For the first time, we have five generations working side by side: the outgoing traditionalists through to the incoming generation Z. As the boss, the fresh challenge is how to manage the dynamics of the most diverse workforce industry has ever seen.

As alarming and implausible as it may seem, people who were born while most of us were partying like it was 1999 (because it was, in fact, 1999) are now rolling out of universities and into workplaces. This is the kind of knowledge that makes even millennials feel like Mick Jagger.

These generation Z workers will be joining colleagues from generation Y, generation X and the people who started this whole generation game, the Baby Boomers, as well as the declining number of ‘traditionalists’ (born pre-1946) in the same offices.

As you may have noticed, this presents a whole world of challenges for a management team suddenly tasked with balancing the needs, and attitudes, of people aged from 20 to 70.

A global study recently conducted by the University of Sydney’s Business School found that companies that manage intergenerational workplaces well are more innovative, and more successful, than those that don’t.

So what’s new about that, you might wonder. After all, people of different ages have always joined the workforce, even back when young people were just young people, and not card-carrying members of a generation with a consonant attached.

“We’ve always had different generations at work, but they were ranked based on age and experience,” says Mark McCrindle, head of the McCrindle social research firm. “You had the older people running the show, you had the middle people in middle management, and the young people on the frontline.

“But now you’ve got graduates who are managing older people. You’ve got retrained older people coming into junior positions. You’ve got a mix of generations on the same team doing the exact same jobs. That presents legitimate management challenges.”
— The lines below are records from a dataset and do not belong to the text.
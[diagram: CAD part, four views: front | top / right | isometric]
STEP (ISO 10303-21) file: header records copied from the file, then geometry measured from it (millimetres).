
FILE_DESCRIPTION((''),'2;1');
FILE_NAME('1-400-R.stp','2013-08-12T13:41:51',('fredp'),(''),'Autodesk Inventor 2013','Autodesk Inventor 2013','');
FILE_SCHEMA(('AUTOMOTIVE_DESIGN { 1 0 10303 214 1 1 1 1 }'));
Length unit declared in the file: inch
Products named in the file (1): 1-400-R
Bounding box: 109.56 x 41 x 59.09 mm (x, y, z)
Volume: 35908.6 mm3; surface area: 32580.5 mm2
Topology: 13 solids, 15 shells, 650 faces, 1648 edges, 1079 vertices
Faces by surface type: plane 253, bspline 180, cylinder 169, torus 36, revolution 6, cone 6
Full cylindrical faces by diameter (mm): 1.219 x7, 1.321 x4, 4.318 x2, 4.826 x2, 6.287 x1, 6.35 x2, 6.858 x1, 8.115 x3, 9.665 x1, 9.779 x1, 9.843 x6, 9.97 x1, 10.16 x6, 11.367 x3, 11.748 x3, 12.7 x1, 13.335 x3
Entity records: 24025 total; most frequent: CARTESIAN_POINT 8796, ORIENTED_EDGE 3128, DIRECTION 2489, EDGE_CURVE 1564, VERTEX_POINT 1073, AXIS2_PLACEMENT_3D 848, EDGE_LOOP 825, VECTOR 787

The way the C-suite meets these challenges can have a significant impact on a company’s fortunes. A global study recently conducted by the University of Sydney’s Business School found that companies that manage intergenerational workplaces well are more innovative, and more successful, than those that don’t.

Yes, it literally pays to have a workforce that gets along, and understanding what defines and drives each of those generations is the key.


Generation Z

Born 1996 and beyond

Self-reliant, engaged, wants flexibility

These bright-eyed, screen-worshipping graduates, only now joining the employment market, will form just the first wave of an enduring assault on the workforce, quickly becoming a not-so-silent majority. And like any majority, they will be seeking to change a company’s culture rather than conform to the existing one.

“The starting point is simply to understand the data,” McCrindle says. “And the employment data is showing that currently Baby Boomers and generation X workers comprise the majority of the workforce. However, within a decade, by 2025, generations Y and Z will together comprise two-thirds of the workforce. So they’re quickly entering the arena and will soon become not just the majority but the vast majority.”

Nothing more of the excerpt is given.